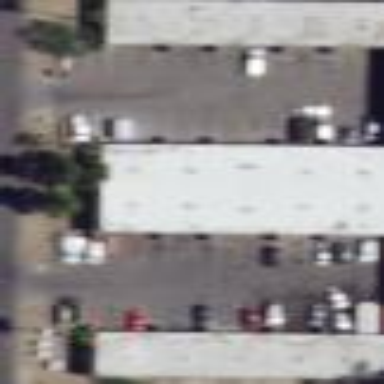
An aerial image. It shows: Storage rental shop.
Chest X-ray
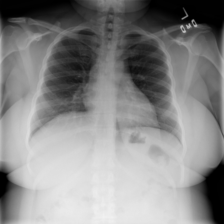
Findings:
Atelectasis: negative
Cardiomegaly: negative
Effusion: negative
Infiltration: negative
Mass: negative
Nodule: negative
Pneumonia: negative
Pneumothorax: negative
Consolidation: negative
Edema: negative
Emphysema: negative
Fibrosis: negative
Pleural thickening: negative
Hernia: negative
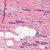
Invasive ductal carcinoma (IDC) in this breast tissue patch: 0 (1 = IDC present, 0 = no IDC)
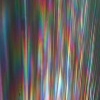
Label: sunburn
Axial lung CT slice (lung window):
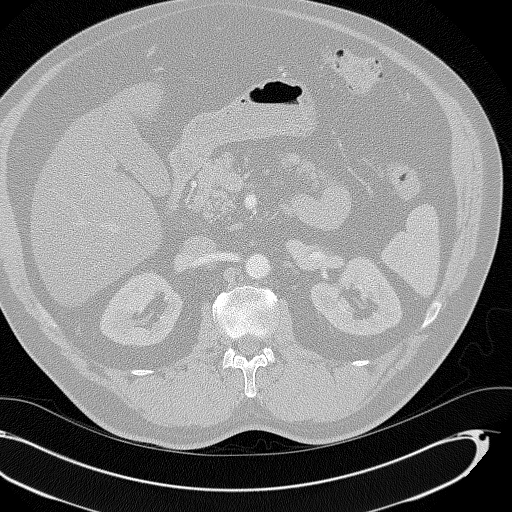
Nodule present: no
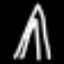
Label: The Eiffel Tower
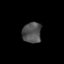
Tissue: prostate
Cell type: T cells
Senescence score: 0.7065
Nuclear area (px): 385
Mean DAPI intensity: 81.016
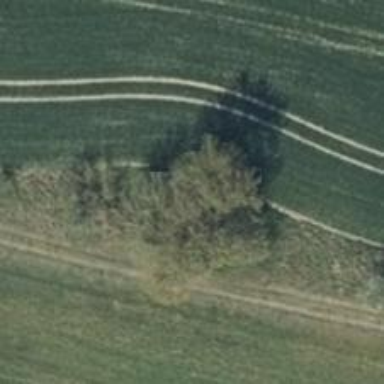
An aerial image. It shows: Deciduous tree with broadleaved leaves.
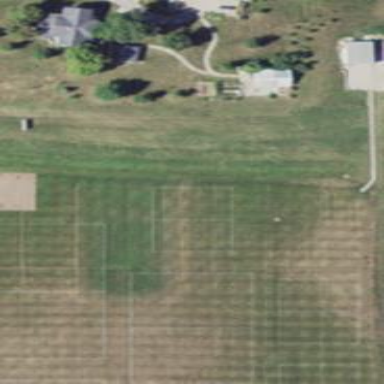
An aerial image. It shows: Soccer pitch for leisure land activities.
• • •
[ACTIVITY]
Copy every line that contains "image" from the listing above.

[OUTPUT FOR THIS EXERCISE]
An aerial image. It shows: Storage rental shop.
An aerial image. It shows: Deciduous tree with broadleaved leaves.
An aerial image. It shows: Soccer pitch for leisure land activities.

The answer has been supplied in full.